__Problem to work on__. Exact reproduction required: the lines below from the line with "xmlns:xlink='http://www.w3.org/1999/xlink'" to the line with "<rect style='opacity:1.0;fill:#FFFFFF;stroke:none' width='1000'", both ends included, and no others.

Dataset entries section start

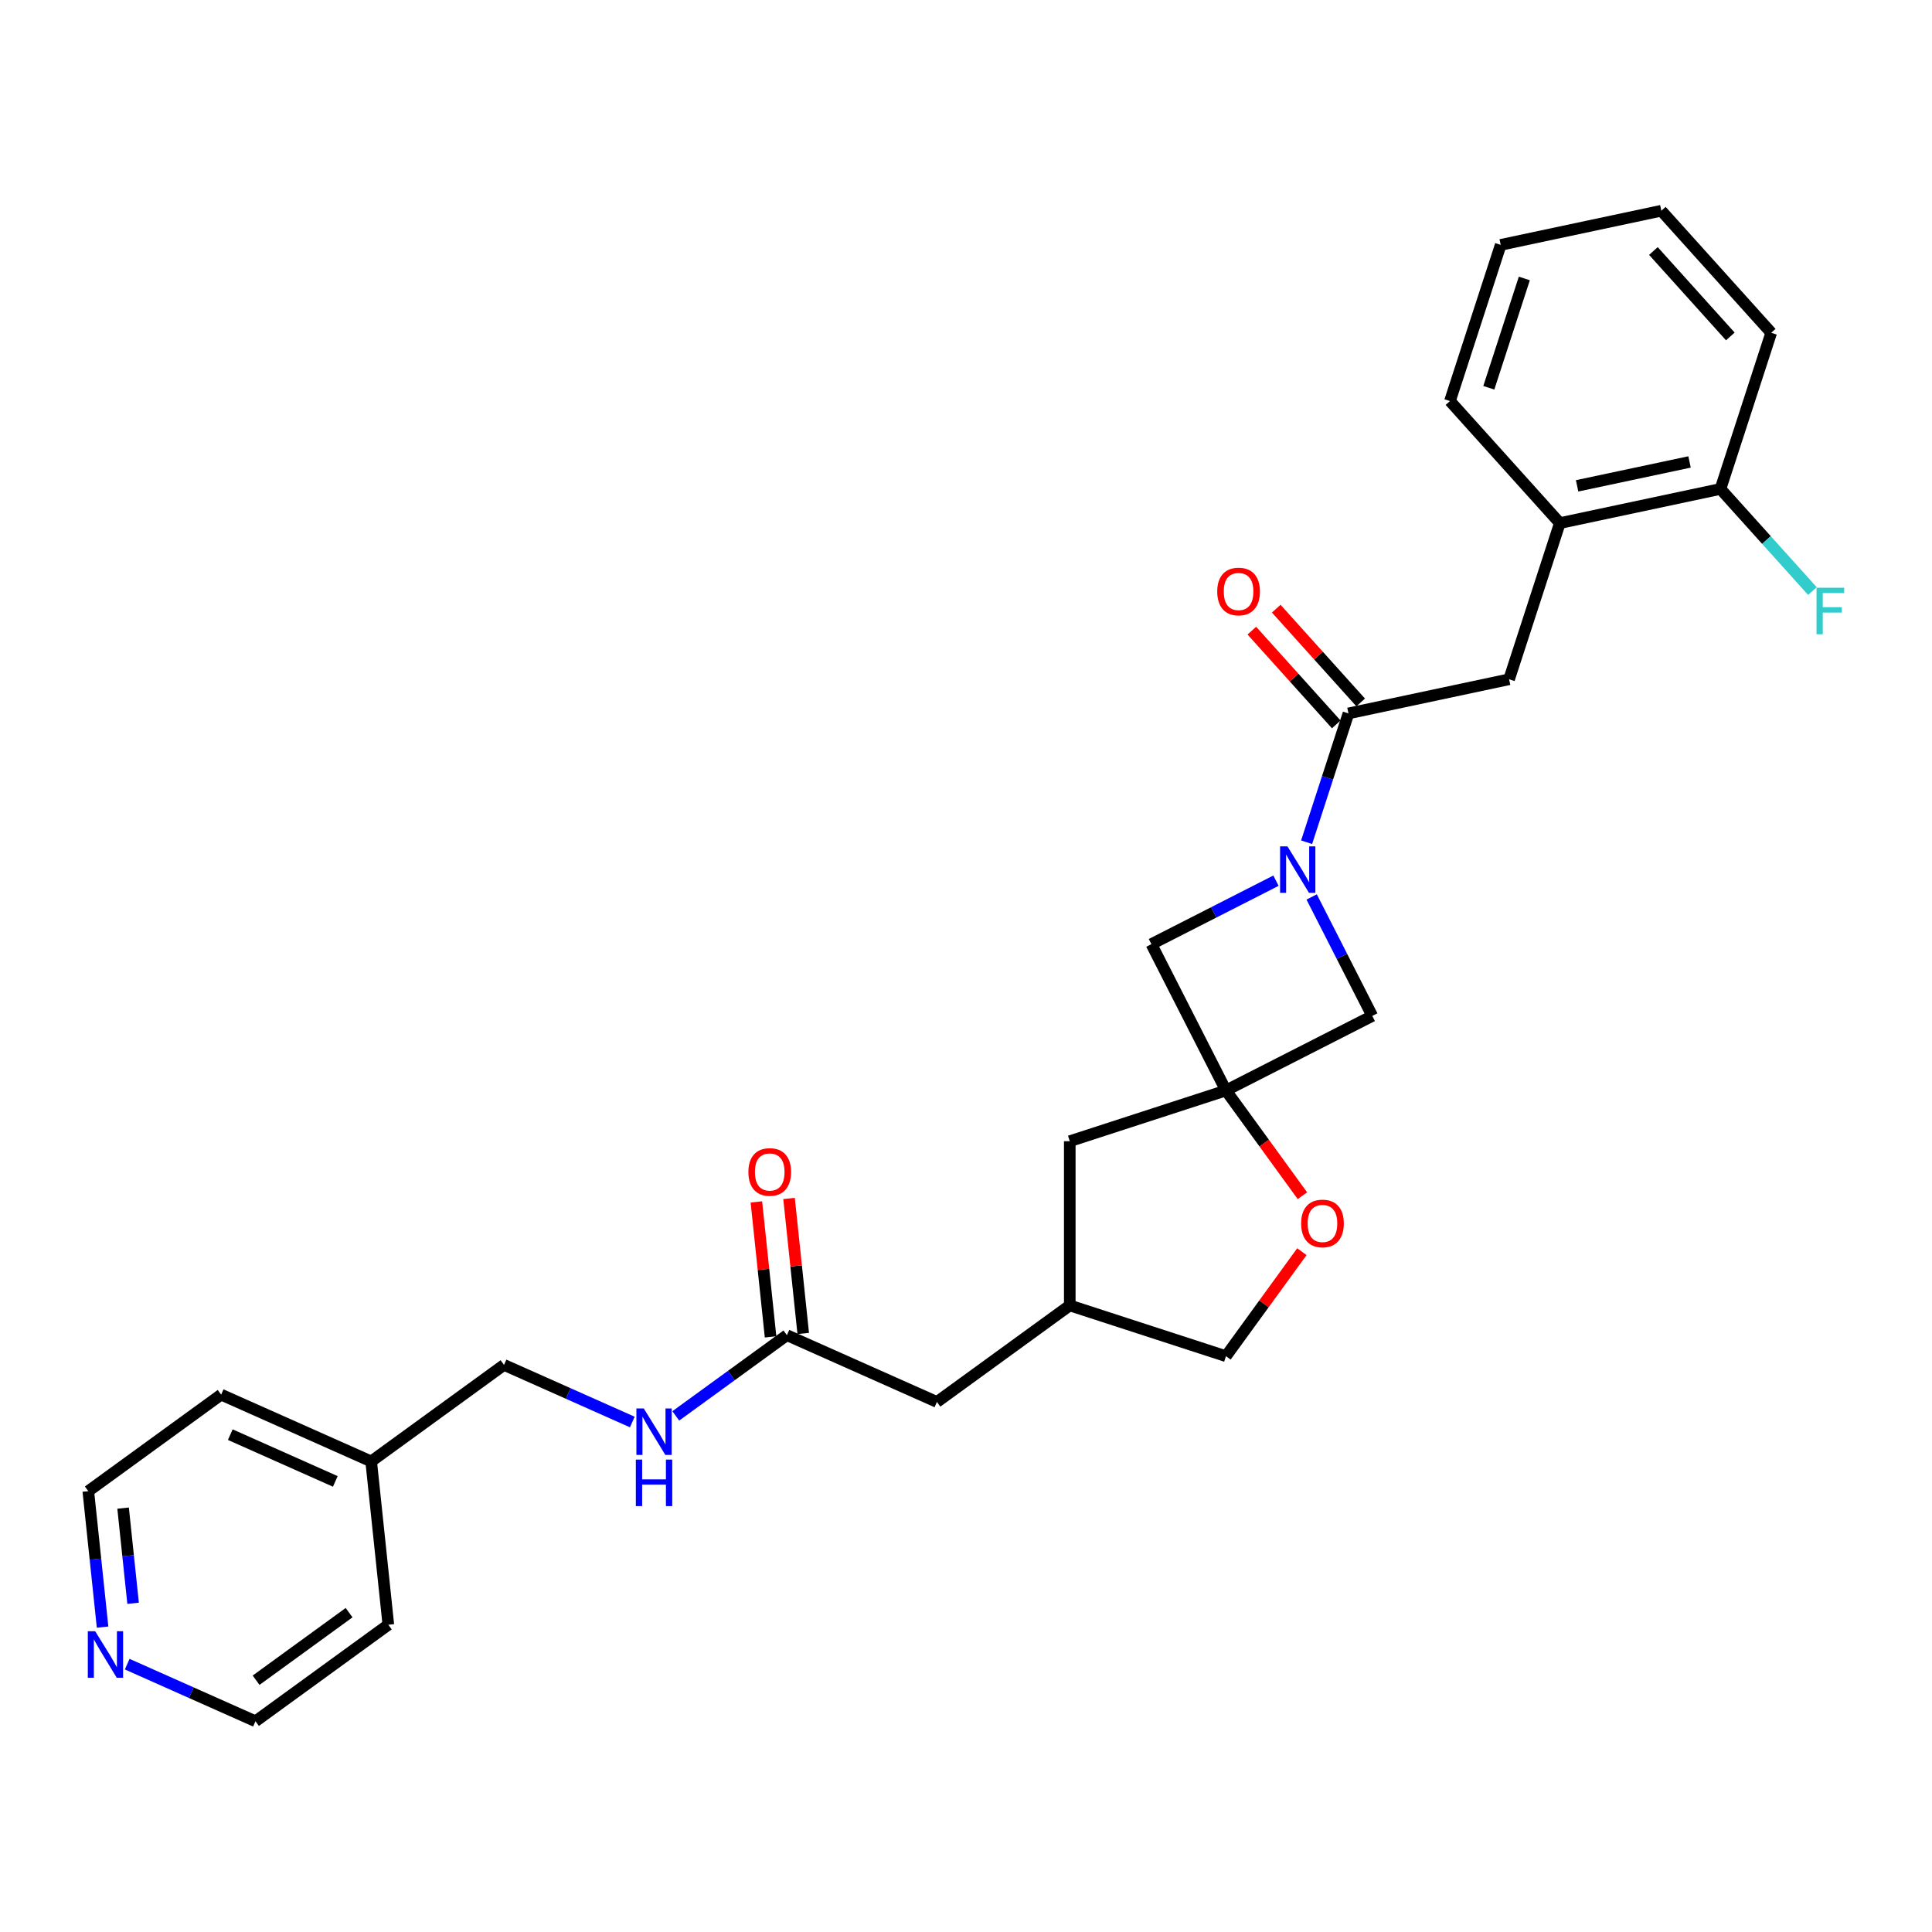<?xml version='1.0' encoding='iso-8859-1'?>
<svg version='1.1' baseProfile='full'
              xmlns='http://www.w3.org/2000/svg'
                      xmlns:rdkit='http://www.rdkit.org/xml'
                      xmlns:xlink='http://www.w3.org/1999/xlink'
                  xml:space='preserve'
width='1000px' height='1000px' viewBox='0 0 1000 1000'>
<!-- END OF HEADER -->
<rect style='opacity:1.0;fill:#FFFFFF;stroke:none' width='1000' height='1000' x='0' y='0'> </rect>
<path class='bond-1' d='M 676.299,435.942 L 687.131,402.603' style='fill:none;fill-rule:evenodd;stroke:#0000FF;stroke-width:6px;stroke-linecap:butt;stroke-linejoin:miter;stroke-opacity:1' />
<path class='bond-1' d='M 687.131,402.603 L 697.964,369.264' style='fill:none;fill-rule:evenodd;stroke:#000000;stroke-width:6px;stroke-linecap:butt;stroke-linejoin:miter;stroke-opacity:1' />
<path class='bond-2' d='M 660.444,455.837 L 628.203,472.264' style='fill:none;fill-rule:evenodd;stroke:#0000FF;stroke-width:6px;stroke-linecap:butt;stroke-linejoin:miter;stroke-opacity:1' />
<path class='bond-2' d='M 628.203,472.264 L 595.963,488.692' style='fill:none;fill-rule:evenodd;stroke:#000000;stroke-width:6px;stroke-linecap:butt;stroke-linejoin:miter;stroke-opacity:1' />
<path class='bond-3' d='M 678.913,464.264 L 694.6,495.051' style='fill:none;fill-rule:evenodd;stroke:#0000FF;stroke-width:6px;stroke-linecap:butt;stroke-linejoin:miter;stroke-opacity:1' />
<path class='bond-3' d='M 694.6,495.051 L 710.286,525.837' style='fill:none;fill-rule:evenodd;stroke:#000000;stroke-width:6px;stroke-linecap:butt;stroke-linejoin:miter;stroke-opacity:1' />
<path class='bond-0' d='M 634.552,564.426 L 710.286,525.837' style='fill:none;fill-rule:evenodd;stroke:#000000;stroke-width:6px;stroke-linecap:butt;stroke-linejoin:miter;stroke-opacity:1' />
<path class='bond-4' d='M 634.552,564.426 L 654.339,591.661' style='fill:none;fill-rule:evenodd;stroke:#000000;stroke-width:6px;stroke-linecap:butt;stroke-linejoin:miter;stroke-opacity:1' />
<path class='bond-4' d='M 654.339,591.661 L 674.126,618.895' style='fill:none;fill-rule:evenodd;stroke:#FF0000;stroke-width:6px;stroke-linecap:butt;stroke-linejoin:miter;stroke-opacity:1' />
<path class='bond-10' d='M 634.552,564.426 L 553.713,590.692' style='fill:none;fill-rule:evenodd;stroke:#000000;stroke-width:6px;stroke-linecap:butt;stroke-linejoin:miter;stroke-opacity:1' />
<path class='bond-28' d='M 634.552,564.426 L 595.963,488.692' style='fill:none;fill-rule:evenodd;stroke:#000000;stroke-width:6px;stroke-linecap:butt;stroke-linejoin:miter;stroke-opacity:1' />
<path class='bond-5' d='M 697.964,369.264 L 781.105,351.592' style='fill:none;fill-rule:evenodd;stroke:#000000;stroke-width:6px;stroke-linecap:butt;stroke-linejoin:miter;stroke-opacity:1' />
<path class='bond-8' d='M 704.28,363.576 L 682.43,339.309' style='fill:none;fill-rule:evenodd;stroke:#000000;stroke-width:6px;stroke-linecap:butt;stroke-linejoin:miter;stroke-opacity:1' />
<path class='bond-8' d='M 682.43,339.309 L 660.58,315.042' style='fill:none;fill-rule:evenodd;stroke:#FF0000;stroke-width:6px;stroke-linecap:butt;stroke-linejoin:miter;stroke-opacity:1' />
<path class='bond-8' d='M 691.647,374.951 L 669.797,350.684' style='fill:none;fill-rule:evenodd;stroke:#000000;stroke-width:6px;stroke-linecap:butt;stroke-linejoin:miter;stroke-opacity:1' />
<path class='bond-8' d='M 669.797,350.684 L 647.946,326.417' style='fill:none;fill-rule:evenodd;stroke:#FF0000;stroke-width:6px;stroke-linecap:butt;stroke-linejoin:miter;stroke-opacity:1' />
<path class='bond-16' d='M 673.854,647.863 L 654.203,674.91' style='fill:none;fill-rule:evenodd;stroke:#FF0000;stroke-width:6px;stroke-linecap:butt;stroke-linejoin:miter;stroke-opacity:1' />
<path class='bond-16' d='M 654.203,674.91 L 634.552,701.958' style='fill:none;fill-rule:evenodd;stroke:#000000;stroke-width:6px;stroke-linecap:butt;stroke-linejoin:miter;stroke-opacity:1' />
<path class='bond-7' d='M 781.105,351.592 L 807.371,270.753' style='fill:none;fill-rule:evenodd;stroke:#000000;stroke-width:6px;stroke-linecap:butt;stroke-linejoin:miter;stroke-opacity:1' />
<path class='bond-6' d='M 407.297,691.08 L 484.947,725.653' style='fill:none;fill-rule:evenodd;stroke:#000000;stroke-width:6px;stroke-linecap:butt;stroke-linejoin:miter;stroke-opacity:1' />
<path class='bond-9' d='M 407.297,691.08 L 378.541,711.973' style='fill:none;fill-rule:evenodd;stroke:#000000;stroke-width:6px;stroke-linecap:butt;stroke-linejoin:miter;stroke-opacity:1' />
<path class='bond-9' d='M 378.541,711.973 L 349.785,732.865' style='fill:none;fill-rule:evenodd;stroke:#0000FF;stroke-width:6px;stroke-linecap:butt;stroke-linejoin:miter;stroke-opacity:1' />
<path class='bond-13' d='M 415.75,690.192 L 412.079,655.261' style='fill:none;fill-rule:evenodd;stroke:#000000;stroke-width:6px;stroke-linecap:butt;stroke-linejoin:miter;stroke-opacity:1' />
<path class='bond-13' d='M 412.079,655.261 L 408.407,620.329' style='fill:none;fill-rule:evenodd;stroke:#FF0000;stroke-width:6px;stroke-linecap:butt;stroke-linejoin:miter;stroke-opacity:1' />
<path class='bond-13' d='M 398.843,691.969 L 395.172,657.038' style='fill:none;fill-rule:evenodd;stroke:#000000;stroke-width:6px;stroke-linecap:butt;stroke-linejoin:miter;stroke-opacity:1' />
<path class='bond-13' d='M 395.172,657.038 L 391.5,622.106' style='fill:none;fill-rule:evenodd;stroke:#FF0000;stroke-width:6px;stroke-linecap:butt;stroke-linejoin:miter;stroke-opacity:1' />
<path class='bond-11' d='M 807.371,270.753 L 890.513,253.08' style='fill:none;fill-rule:evenodd;stroke:#000000;stroke-width:6px;stroke-linecap:butt;stroke-linejoin:miter;stroke-opacity:1' />
<path class='bond-11' d='M 816.308,251.474 L 874.507,239.103' style='fill:none;fill-rule:evenodd;stroke:#000000;stroke-width:6px;stroke-linecap:butt;stroke-linejoin:miter;stroke-opacity:1' />
<path class='bond-20' d='M 807.371,270.753 L 750.496,207.586' style='fill:none;fill-rule:evenodd;stroke:#000000;stroke-width:6px;stroke-linecap:butt;stroke-linejoin:miter;stroke-opacity:1' />
<path class='bond-17' d='M 327.277,736.031 L 294.079,721.25' style='fill:none;fill-rule:evenodd;stroke:#0000FF;stroke-width:6px;stroke-linecap:butt;stroke-linejoin:miter;stroke-opacity:1' />
<path class='bond-17' d='M 294.079,721.25 L 260.88,706.469' style='fill:none;fill-rule:evenodd;stroke:#000000;stroke-width:6px;stroke-linecap:butt;stroke-linejoin:miter;stroke-opacity:1' />
<path class='bond-14' d='M 553.713,590.692 L 553.713,675.691' style='fill:none;fill-rule:evenodd;stroke:#000000;stroke-width:6px;stroke-linecap:butt;stroke-linejoin:miter;stroke-opacity:1' />
<path class='bond-18' d='M 890.513,253.08 L 914.31,279.509' style='fill:none;fill-rule:evenodd;stroke:#000000;stroke-width:6px;stroke-linecap:butt;stroke-linejoin:miter;stroke-opacity:1' />
<path class='bond-18' d='M 914.31,279.509 L 938.107,305.938' style='fill:none;fill-rule:evenodd;stroke:#33CCCC;stroke-width:6px;stroke-linecap:butt;stroke-linejoin:miter;stroke-opacity:1' />
<path class='bond-23' d='M 890.513,253.08 L 916.779,172.242' style='fill:none;fill-rule:evenodd;stroke:#000000;stroke-width:6px;stroke-linecap:butt;stroke-linejoin:miter;stroke-opacity:1' />
<path class='bond-12' d='M 53.095,842.192 L 49.397,807.006' style='fill:none;fill-rule:evenodd;stroke:#0000FF;stroke-width:6px;stroke-linecap:butt;stroke-linejoin:miter;stroke-opacity:1' />
<path class='bond-12' d='M 49.397,807.006 L 45.699,771.819' style='fill:none;fill-rule:evenodd;stroke:#000000;stroke-width:6px;stroke-linecap:butt;stroke-linejoin:miter;stroke-opacity:1' />
<path class='bond-12' d='M 68.892,829.859 L 66.303,805.229' style='fill:none;fill-rule:evenodd;stroke:#0000FF;stroke-width:6px;stroke-linecap:butt;stroke-linejoin:miter;stroke-opacity:1' />
<path class='bond-12' d='M 66.303,805.229 L 63.715,780.598' style='fill:none;fill-rule:evenodd;stroke:#000000;stroke-width:6px;stroke-linecap:butt;stroke-linejoin:miter;stroke-opacity:1' />
<path class='bond-31' d='M 65.837,861.363 L 99.036,876.144' style='fill:none;fill-rule:evenodd;stroke:#0000FF;stroke-width:6px;stroke-linecap:butt;stroke-linejoin:miter;stroke-opacity:1' />
<path class='bond-31' d='M 99.036,876.144 L 132.234,890.925' style='fill:none;fill-rule:evenodd;stroke:#000000;stroke-width:6px;stroke-linecap:butt;stroke-linejoin:miter;stroke-opacity:1' />
<path class='bond-15' d='M 553.713,675.691 L 484.947,725.653' style='fill:none;fill-rule:evenodd;stroke:#000000;stroke-width:6px;stroke-linecap:butt;stroke-linejoin:miter;stroke-opacity:1' />
<path class='bond-29' d='M 553.713,675.691 L 634.552,701.958' style='fill:none;fill-rule:evenodd;stroke:#000000;stroke-width:6px;stroke-linecap:butt;stroke-linejoin:miter;stroke-opacity:1' />
<path class='bond-19' d='M 260.88,706.469 L 192.115,756.43' style='fill:none;fill-rule:evenodd;stroke:#000000;stroke-width:6px;stroke-linecap:butt;stroke-linejoin:miter;stroke-opacity:1' />
<path class='bond-24' d='M 192.115,756.43 L 201,840.964' style='fill:none;fill-rule:evenodd;stroke:#000000;stroke-width:6px;stroke-linecap:butt;stroke-linejoin:miter;stroke-opacity:1' />
<path class='bond-25' d='M 192.115,756.43 L 114.464,721.858' style='fill:none;fill-rule:evenodd;stroke:#000000;stroke-width:6px;stroke-linecap:butt;stroke-linejoin:miter;stroke-opacity:1' />
<path class='bond-25' d='M 173.553,766.775 L 119.197,742.574' style='fill:none;fill-rule:evenodd;stroke:#000000;stroke-width:6px;stroke-linecap:butt;stroke-linejoin:miter;stroke-opacity:1' />
<path class='bond-26' d='M 750.496,207.586 L 776.762,126.747' style='fill:none;fill-rule:evenodd;stroke:#000000;stroke-width:6px;stroke-linecap:butt;stroke-linejoin:miter;stroke-opacity:1' />
<path class='bond-26' d='M 770.604,200.713 L 788.99,144.126' style='fill:none;fill-rule:evenodd;stroke:#000000;stroke-width:6px;stroke-linecap:butt;stroke-linejoin:miter;stroke-opacity:1' />
<path class='bond-21' d='M 45.699,771.819 L 114.464,721.858' style='fill:none;fill-rule:evenodd;stroke:#000000;stroke-width:6px;stroke-linecap:butt;stroke-linejoin:miter;stroke-opacity:1' />
<path class='bond-22' d='M 132.234,890.925 L 201,840.964' style='fill:none;fill-rule:evenodd;stroke:#000000;stroke-width:6px;stroke-linecap:butt;stroke-linejoin:miter;stroke-opacity:1' />
<path class='bond-22' d='M 132.557,869.678 L 180.693,834.705' style='fill:none;fill-rule:evenodd;stroke:#000000;stroke-width:6px;stroke-linecap:butt;stroke-linejoin:miter;stroke-opacity:1' />
<path class='bond-30' d='M 916.779,172.242 L 859.904,109.075' style='fill:none;fill-rule:evenodd;stroke:#000000;stroke-width:6px;stroke-linecap:butt;stroke-linejoin:miter;stroke-opacity:1' />
<path class='bond-30' d='M 895.615,174.142 L 855.802,129.925' style='fill:none;fill-rule:evenodd;stroke:#000000;stroke-width:6px;stroke-linecap:butt;stroke-linejoin:miter;stroke-opacity:1' />
<path class='bond-27' d='M 776.762,126.747 L 859.904,109.075' style='fill:none;fill-rule:evenodd;stroke:#000000;stroke-width:6px;stroke-linecap:butt;stroke-linejoin:miter;stroke-opacity:1' />
<path  class='atom-0' d='M 666.377 438.067
L 674.265 450.817
Q 675.047 452.075, 676.305 454.353
Q 677.563 456.631, 677.631 456.767
L 677.631 438.067
L 680.826 438.067
L 680.826 462.139
L 677.529 462.139
L 669.063 448.199
Q 668.077 446.567, 667.023 444.697
Q 666.003 442.827, 665.697 442.249
L 665.697 462.139
L 662.569 462.139
L 662.569 438.067
L 666.377 438.067
' fill='#0000FF'/>
<path  class='atom-5' d='M 673.463 633.26
Q 673.463 627.48, 676.319 624.25
Q 679.175 621.02, 684.513 621.02
Q 689.851 621.02, 692.707 624.25
Q 695.563 627.48, 695.563 633.26
Q 695.563 639.108, 692.673 642.44
Q 689.783 645.738, 684.513 645.738
Q 679.209 645.738, 676.319 642.44
Q 673.463 639.142, 673.463 633.26
M 684.513 643.018
Q 688.185 643.018, 690.157 640.57
Q 692.163 638.088, 692.163 633.26
Q 692.163 628.534, 690.157 626.154
Q 688.185 623.74, 684.513 623.74
Q 680.841 623.74, 678.835 626.12
Q 676.863 628.5, 676.863 633.26
Q 676.863 638.122, 678.835 640.57
Q 680.841 643.018, 684.513 643.018
' fill='#FF0000'/>
<path  class='atom-9' d='M 630.038 306.165
Q 630.038 300.385, 632.894 297.155
Q 635.75 293.925, 641.088 293.925
Q 646.426 293.925, 649.282 297.155
Q 652.138 300.385, 652.138 306.165
Q 652.138 312.013, 649.248 315.345
Q 646.358 318.643, 641.088 318.643
Q 635.784 318.643, 632.894 315.345
Q 630.038 312.047, 630.038 306.165
M 641.088 315.923
Q 644.76 315.923, 646.732 313.475
Q 648.738 310.993, 648.738 306.165
Q 648.738 301.439, 646.732 299.059
Q 644.76 296.645, 641.088 296.645
Q 637.416 296.645, 635.41 299.025
Q 633.438 301.405, 633.438 306.165
Q 633.438 311.027, 635.41 313.475
Q 637.416 315.923, 641.088 315.923
' fill='#FF0000'/>
<path  class='atom-10' d='M 333.21 729.006
L 341.098 741.756
Q 341.88 743.014, 343.138 745.291
Q 344.396 747.569, 344.464 747.705
L 344.464 729.006
L 347.66 729.006
L 347.66 753.077
L 344.362 753.077
L 335.896 739.138
Q 334.91 737.506, 333.856 735.636
Q 332.836 733.766, 332.53 733.188
L 332.53 753.077
L 329.402 753.077
L 329.402 729.006
L 333.21 729.006
' fill='#0000FF'/>
<path  class='atom-10' d='M 329.113 755.485
L 332.377 755.485
L 332.377 765.718
L 344.685 765.718
L 344.685 755.485
L 347.949 755.485
L 347.949 779.556
L 344.685 779.556
L 344.685 768.438
L 332.377 768.438
L 332.377 779.556
L 329.113 779.556
L 329.113 755.485
' fill='#0000FF'/>
<path  class='atom-13' d='M 49.263 844.317
L 57.15 857.067
Q 57.932 858.325, 59.19 860.603
Q 60.448 862.881, 60.516 863.017
L 60.516 844.317
L 63.712 844.317
L 63.712 868.389
L 60.414 868.389
L 51.949 854.449
Q 50.962 852.817, 49.908 850.947
Q 48.889 849.077, 48.583 848.499
L 48.583 868.389
L 45.455 868.389
L 45.455 844.317
L 49.263 844.317
' fill='#0000FF'/>
<path  class='atom-14' d='M 387.362 606.615
Q 387.362 600.835, 390.218 597.605
Q 393.074 594.375, 398.412 594.375
Q 403.75 594.375, 406.606 597.605
Q 409.462 600.835, 409.462 606.615
Q 409.462 612.463, 406.572 615.795
Q 403.682 619.093, 398.412 619.093
Q 393.108 619.093, 390.218 615.795
Q 387.362 612.497, 387.362 606.615
M 398.412 616.373
Q 402.084 616.373, 404.056 613.925
Q 406.062 611.443, 406.062 606.615
Q 406.062 601.889, 404.056 599.509
Q 402.084 597.095, 398.412 597.095
Q 394.74 597.095, 392.734 599.475
Q 390.762 601.855, 390.762 606.615
Q 390.762 611.477, 392.734 613.925
Q 394.74 616.373, 398.412 616.373
' fill='#FF0000'/>
<path  class='atom-19' d='M 940.232 304.211
L 954.545 304.211
L 954.545 306.965
L 943.462 306.965
L 943.462 314.275
L 953.321 314.275
L 953.321 317.063
L 943.462 317.063
L 943.462 328.283
L 940.232 328.283
L 940.232 304.211
' fill='#33CCCC'/>
</svg>

Dataset entries section end

__Solution below__.
                      xmlns:xlink='http://www.w3.org/1999/xlink'
                  xml:space='preserve'
width='1000px' height='1000px' viewBox='0 0 1000 1000'>
<!-- END OF HEADER -->
<rect style='opacity:1.0;fill:#FFFFFF;stroke:none' width='1000' height='1000' x='0' y='0'> </rect>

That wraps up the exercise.